In machine learning, we are interested in learning patterns in data. In regression problems, we focus on learning a function that uses data (e.g. a digital image) to predict properties of the data (e.g. whether the image contains a cat). To do this, we use a general-purpose function approximator: a neural network. A neural network (NN) parameterizes a family of functions by stacking layers of interleaved affine transformations and element-wise nonlinear transformations. For example,

$f(\vec{x}) = \boldsymbol{A}^{(L)} \phi \boldsymbol{A}^{(L-1)}\phi\dots \phi \boldsymbol{A}^{(1)} \vec{x}$

where $$f(\vec{x})$$ is the NN output on input $$\vec{x}$$ and the $$\boldsymbol{A}^{(\ell)}$$ are affine transformations each defined by tunable (i.e. trainable) parameters. The index $$\ell$$ enumerates the layers, $$L$$ is the depth of the neural network, and $$\phi(x_i)$$ is a nonlinear scalar function which acts element-wise on a vector. Choosing $$L$$ and $$\phi$$ is a design decision made a priori. When we train this NN, we tune its affine parameters to search the family of functions for a specific function that well-approximates the true pattern in the data. Training is computationally expensive, so we would like to use theoretical principles to guide design decisions and maximize performance.

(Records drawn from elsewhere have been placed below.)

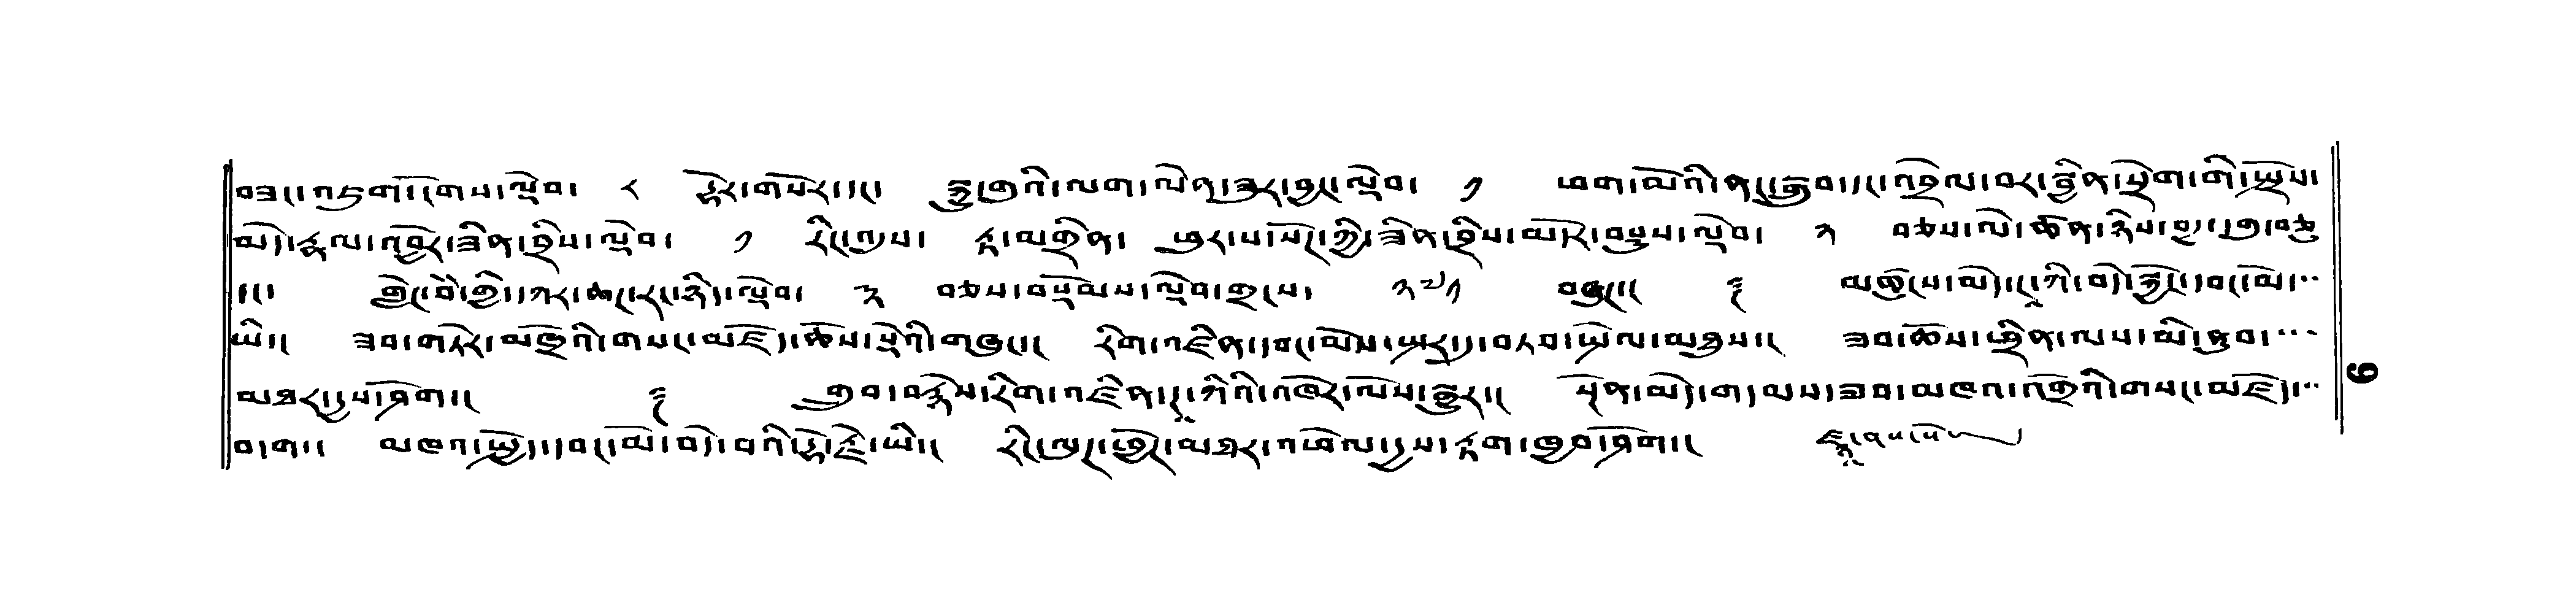བཟང་འཇུག་ངོགས་ལྡེབ། རྡོར་གསོར་དང་། སྐྱུ་གུའི་ལག་ལེན་ཟུར་བྱང་ལྡེབ། ཕག་མོའི་ནང་སྒྲུབ་དང་འབྲེལ་བར་སྦྱིན་སྲེག་གི་སྤྲོས་
མེད་རྣལ་འབྱོར་ཟིན་བྲིས་ལྡེབ། རིག་འདུས། རྟ་མགྲིན། ཕུར་པ་སོགས་ཀྱི་ཟིན་བྲིས་མདོར་བསྡུས་ལྡེབ། བཅས་ལེ་ཚན་ཉིས་བརྒྱ་དགུ་བཅུ་
དང་། གླེགས་བམ་གྱི་དཀར་ཆག་རང་ཉིད་ལྡེབ། བཅས་བསྡོམས་ལྡེབ་གྲངས། བཞུགས། མཚུངས་མེད་ཌཱ་ཀི་བདེ་སྐྱོང་དབང་མོ་
ཡི། །ཟབ་གཏེར་མཁའ་འགྲོའི་གསང་མཛོད་ཆོས་སྡེའི་གཞུང་། །རིག་འཛིན་དབང་མོས་སྤར་དུ་བཏབ་སྤེལ་མཐུས། །ཟབ་ཆོས་ཕྲིན་ལས་མི་ནུབ་
མཐར་རྒྱས་ཤོག ༈ །གྲུབ་བརྙེས་རིག་འཛིན་ཌཱ་ཀིའི་འཁོར་ལོས་སྒྱུར། །སྔོན་མེད་གདམས་ཟབ་མཁའ་འགྲོའི་གསང་མཛོད་
བདག །མཁའ་སྤྱོད་དབང་མོ་བདེ་བའི་རྡོ་རྗེ་ཡི། །རིང་ལུགས་ཕྱོགས་མཐར་འཕེལ་རྒྱས་རྟག་ཁྱབ་ཤོག ཛྙཱ་ནས་སོ།

Unfortunately, we lack a complete theory that predicts the final performance of a given NN before actually training it. The fundamental difficulty is that neural networks may have billions of parameters whose training dynamics are coupled. This justifies using tools from statistical physics to uncover the basic behaviors and properties of these large-scale systems. In fact, mean field theory, partition functions, replica calculations, phase transitions, and more have become standard in NN theory, reflecting a long history of contributions from statistical physicists to NN theory (Bahri et al. 2020).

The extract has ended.